ALL of them can use a propane bottle. I convert 3-4 units a week from NG to LP & fire them up on a 20lb tank to check for gas leaks.


----------



## dualfuel (Mar 21, 2021)

I guess my question is why then do they state "Propane use requires 100-lb tank or larger with two-stage adjustable regulator available from local gas company" I'm guessing there's some difference in release from a 20 lb tank that creates a risk.


----------



## DAKSY (Mar 21, 2021)

My guess would be that it has to be inspected by the local authorities & 
that a 100 lb tank is mandatory for an approved installation if you are burning
primarily LP.


----------



## dualfuel (Mar 21, 2021)

I think the regulations are motivated by a 20-lb tank not being able to vaporize enough, especially when the tank is near empty or cold or at high altitude or the stove is at high setting. So I think the concern is the stove not working. I found the propane vaporization charts on the internet

20 lb



			https://www.dvorsons.com/Magikitchen/pdf/LP_gas_guidelines.pdf
		


100 lb








						Propane Information
					

Propane Vaporization Chart, Properties and Combustion Data VAPORIZATION RATE - 100 lb. Propane Cylinder (Approx) Pounds of propane in cylinderMaximum continuous draw in BTU/hr at various temperatures in degrees F. 0° 20° 40° 60° 70° 100 113,000 167,000 214,000 277,000 300,000 90 104,000 152,000...




					flameengineering.com


----------



## DAKSY (Mar 21, 2021)

dualfuel said:


> I think the regulations are motivated by a 20-lb tank not being able to vaporize enough, especially when the tank is near empty or cold or at high altitude or the stove is at high setting. So I think the concern is the stove not working. I found the propane vaporization charts on the internet
> 
> 20 lb
> 
> ...




Ok. Good info to have, but I'm telling you that I can burn a stove FOR HOURS on an 20 lb LP tank,
without any issues.


----------



## clancey (Mar 21, 2021)

Do you think the altitude might make a difference?   6000 feet is over a mile high... clancey


----------



## DAKSY (Mar 21, 2021)

Ya got me there. We're at about 600 feet around these parts.
I know there are considerations when gas units are installed
"Mile High," but I believe the adjustments are made in the 
size orifices & ATF mixtures to perform correctly...


----------



## Lennox65 (Mar 21, 2021)

dualfuel said:


> I guess my question is why then do they state "Propane use requires 100-lb tank or larger with two-stage adjustable regulator available from local gas company" I'm guessing there's some difference in release from a 20 lb tank that creates a risk.

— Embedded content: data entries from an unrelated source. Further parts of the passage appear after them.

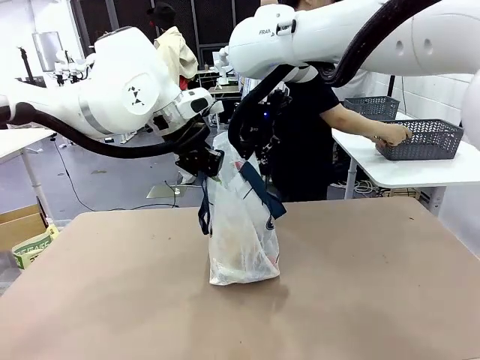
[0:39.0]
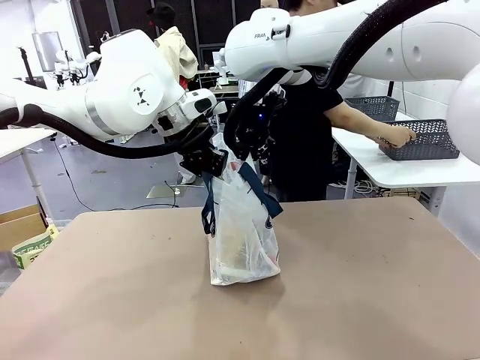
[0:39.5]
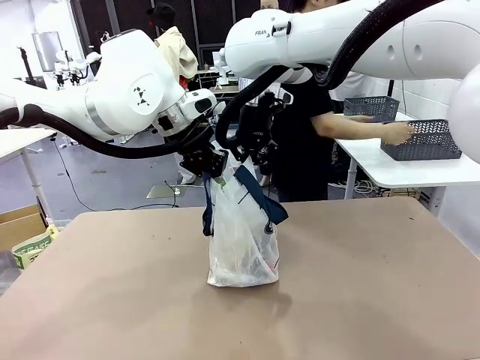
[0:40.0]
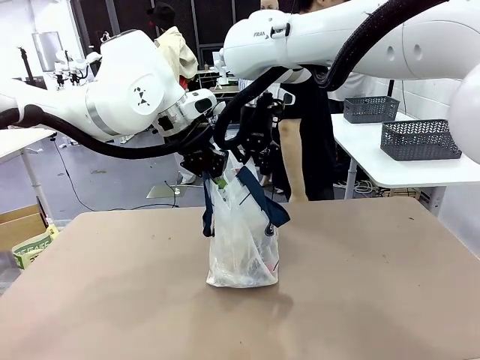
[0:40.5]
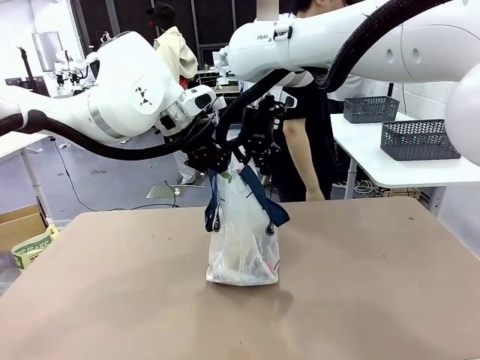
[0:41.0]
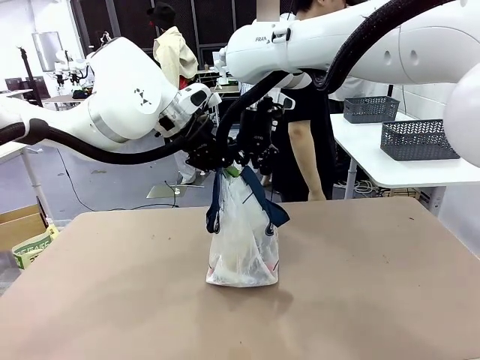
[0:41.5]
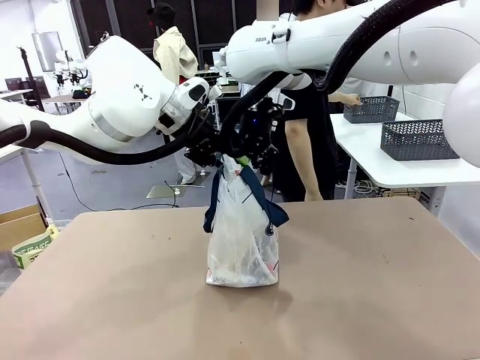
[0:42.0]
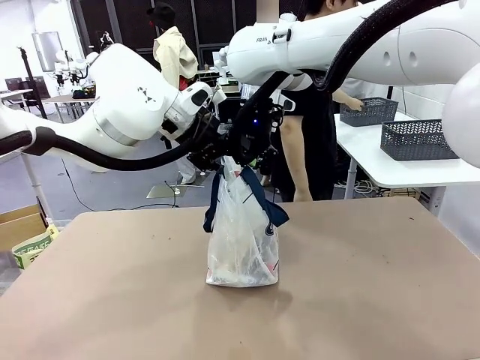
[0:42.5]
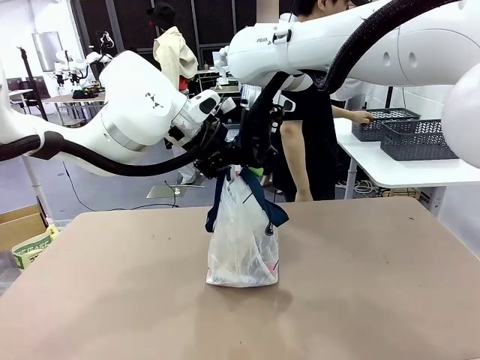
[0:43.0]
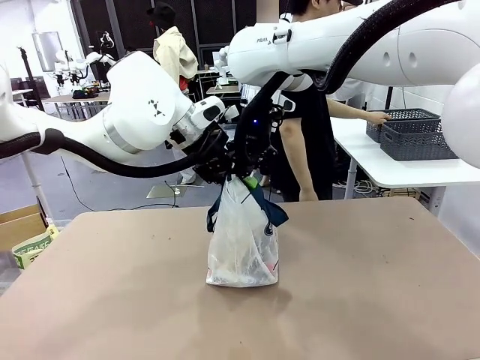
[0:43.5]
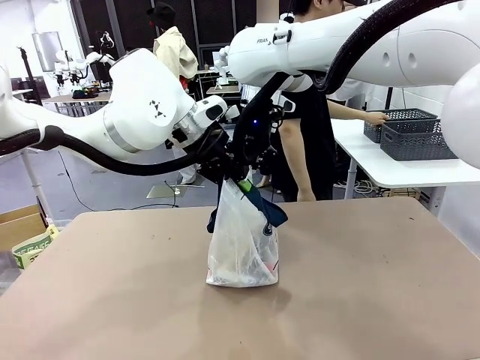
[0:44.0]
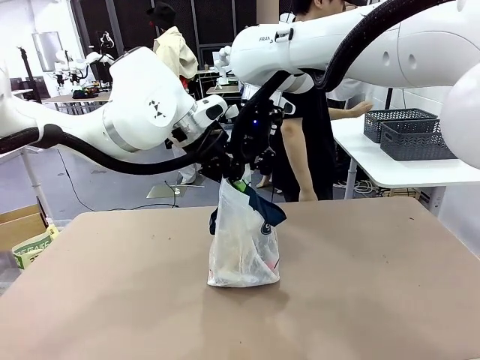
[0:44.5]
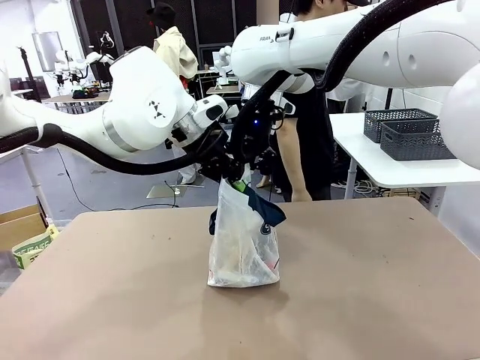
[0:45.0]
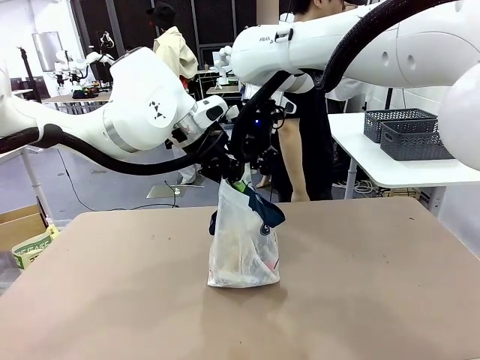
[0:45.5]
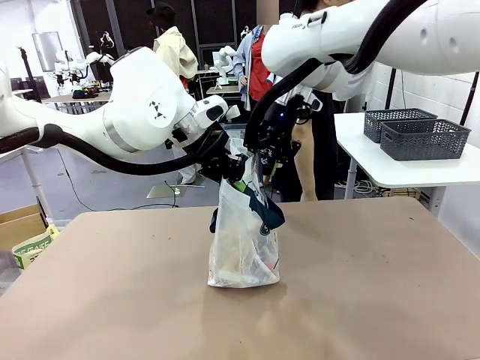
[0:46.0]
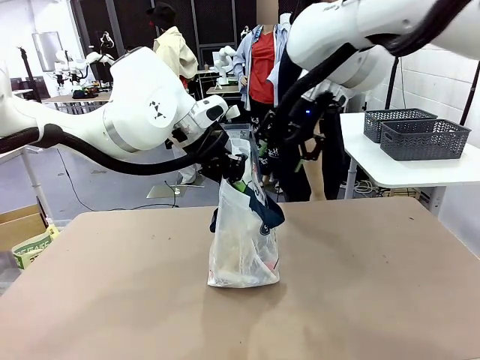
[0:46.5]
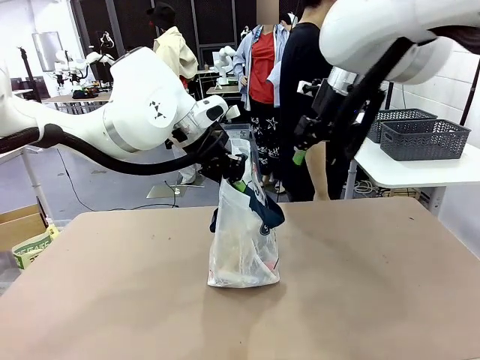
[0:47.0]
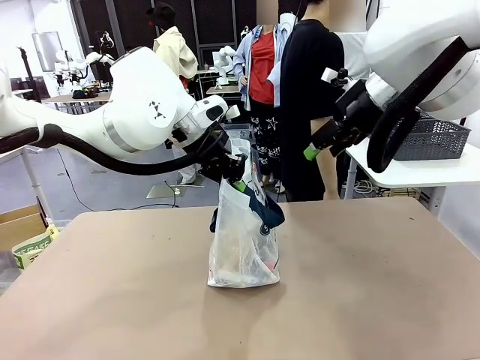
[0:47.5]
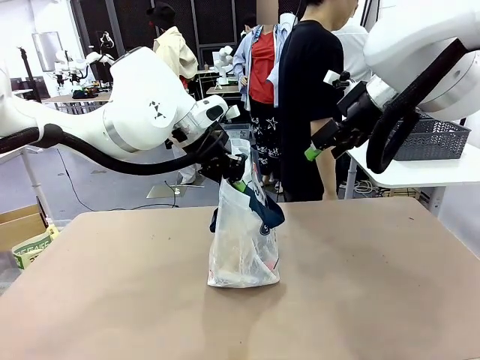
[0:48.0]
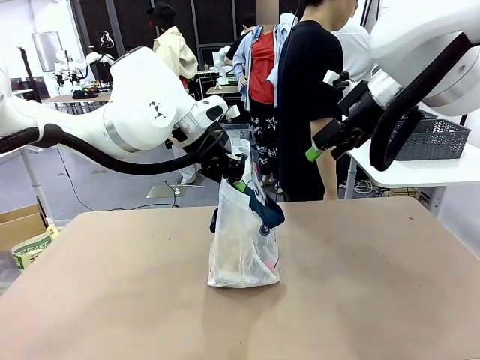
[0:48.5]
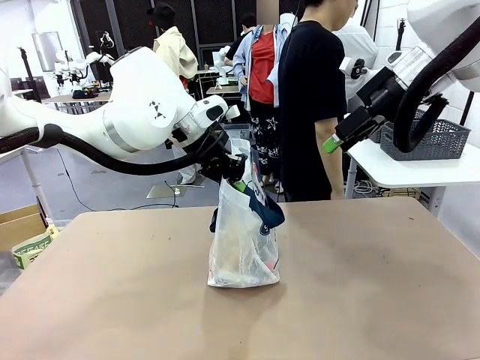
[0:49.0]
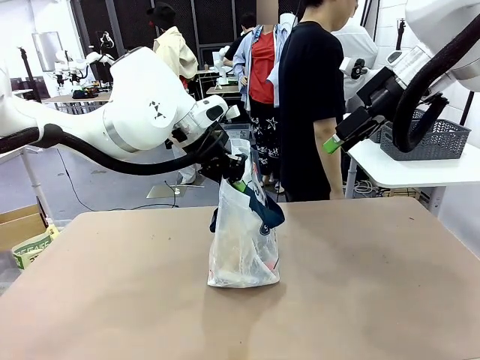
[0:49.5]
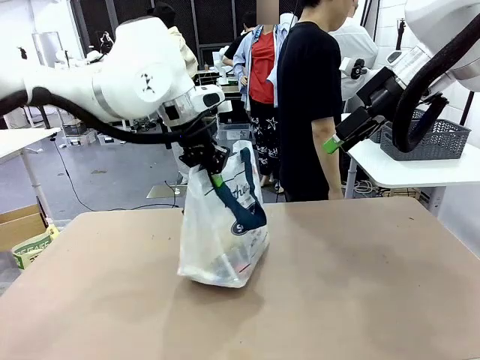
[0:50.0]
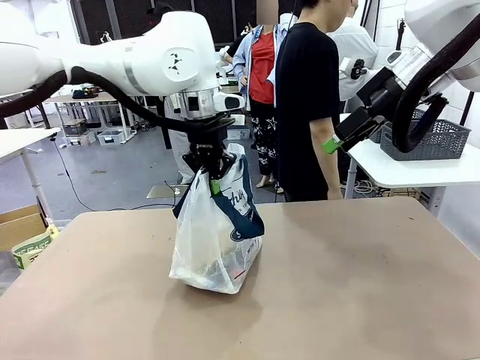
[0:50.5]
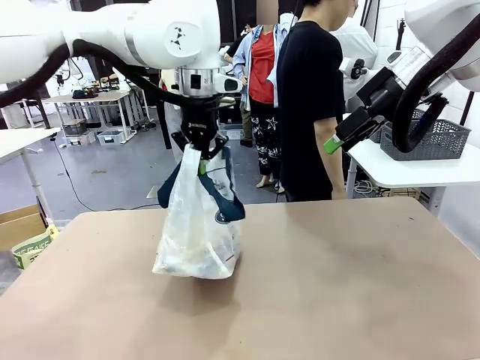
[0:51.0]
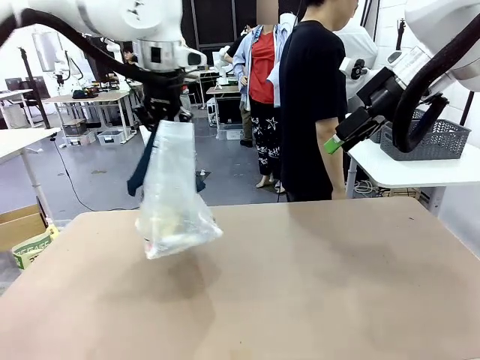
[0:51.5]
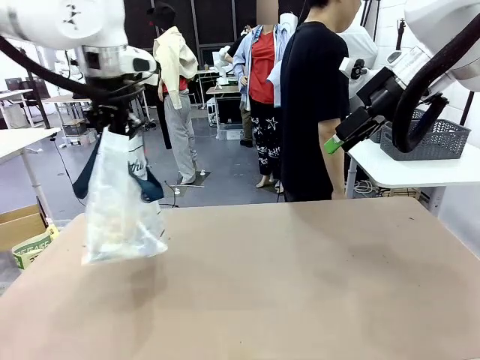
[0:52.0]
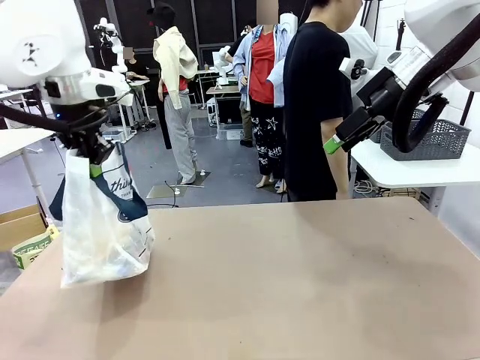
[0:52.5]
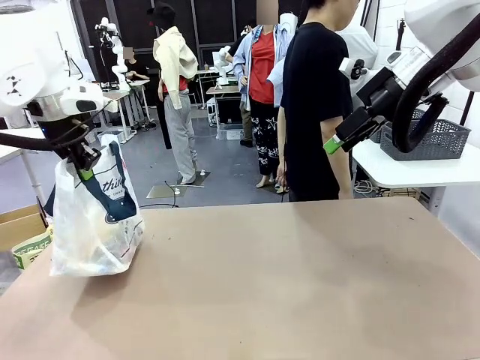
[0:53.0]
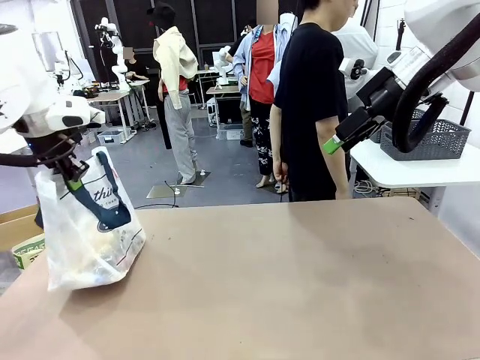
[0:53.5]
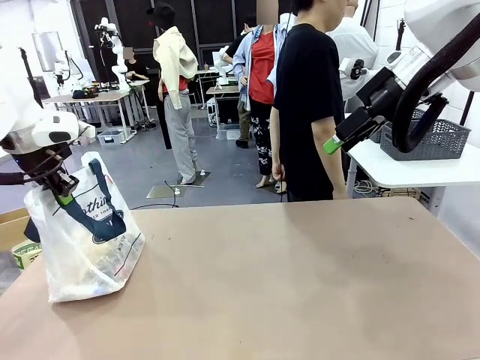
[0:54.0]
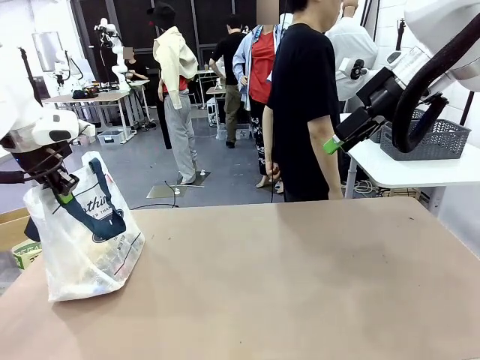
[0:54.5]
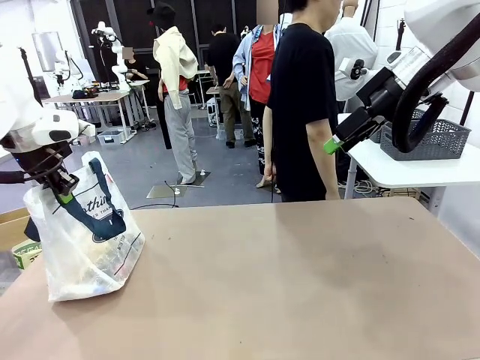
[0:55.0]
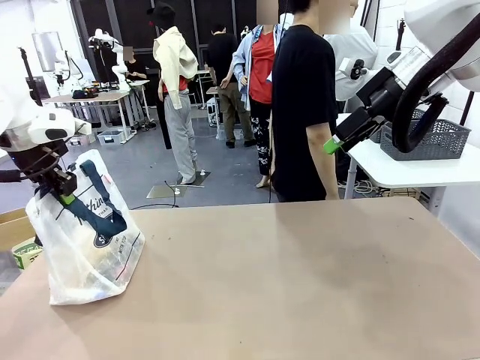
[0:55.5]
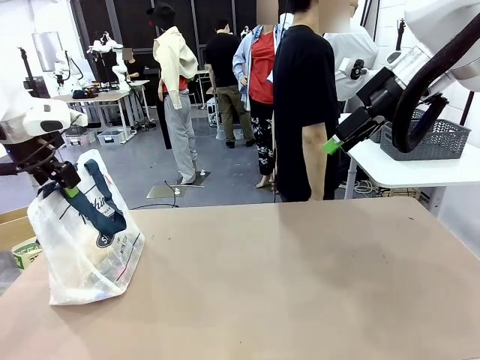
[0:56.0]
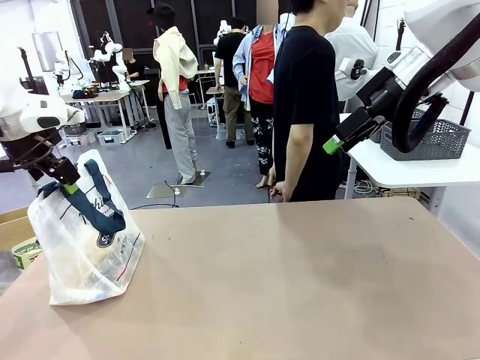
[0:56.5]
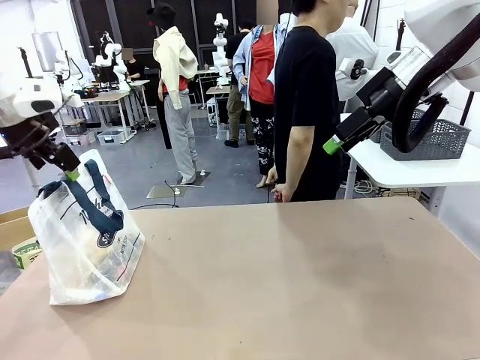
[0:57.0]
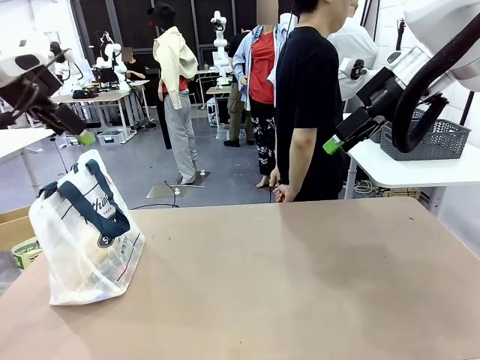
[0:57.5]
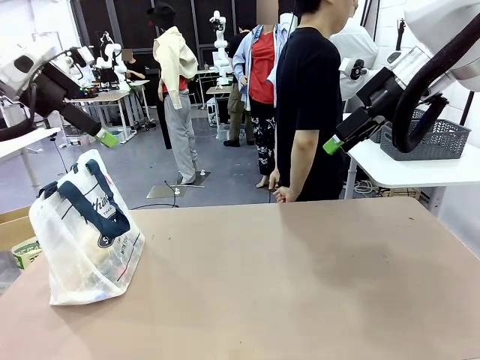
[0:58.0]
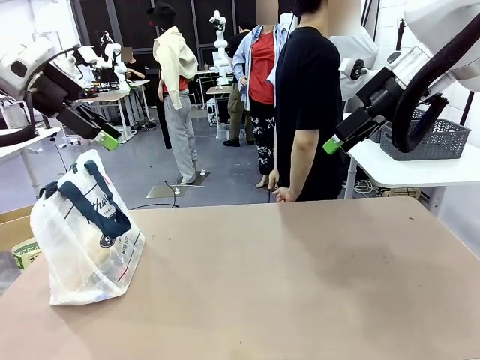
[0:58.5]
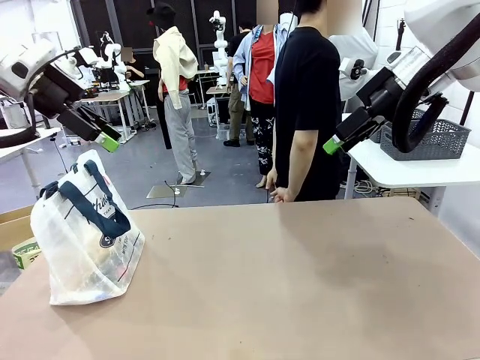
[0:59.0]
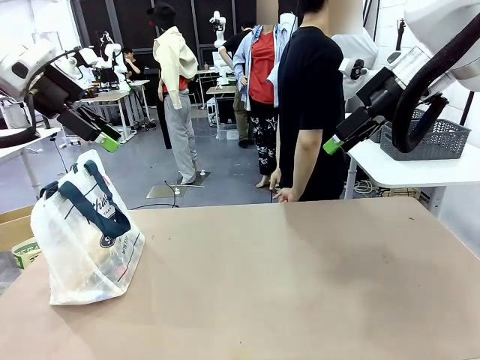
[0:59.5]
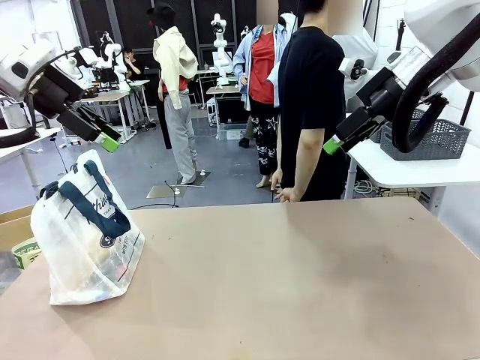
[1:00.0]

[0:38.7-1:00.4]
Task: Transfer purchased items from the store into the shopping bag.
Robot: Move the Reusable shopping bag to the right side of the table.
Person: Move the basket on the left to the middle of the person's table.

The important part of this instruction is that you NEED a regulator between the LP tank and the gas valve. You would probably have other problems with vaporization and adequate fuel delivery as these small tanks are not designed for this use, but the regulator is the most critical part.


----------



## DAKSY (Mar 21, 2021)

I use a simple gas grill connection to the tank at
the regulator end.. In-line shut off. Quick release at the 
other end to whatever connection I need..
You can run it like that for hours on end. 
You said yourself that you only needed it SOMETIMES.
So it doesn't have to be a permanent set-up. 
Run 1/2" Corrugated Stainless Steel (CSS) from the unit 
to the outside wall where you plan you tank connection.
Disconnect the tank when you're done &
shut down & seal the LP side.
If you decide to put in one or more LARGE LP tanks,
the connection can be used for that job


----------



## Highbeam (Mar 21, 2021)

I expect that high elevations would actually help the situation. It’s easier to boil water at elevation. Means more gas production. 

Then, the 20 lb tank has almost the same diameter as the 100lb cylinder. This means the liquid surface area is the same which means equal steady state gas production. Good way to think about this is that a 100# cylinder with just 20# of liquid in it, same liquid surface area, same production. 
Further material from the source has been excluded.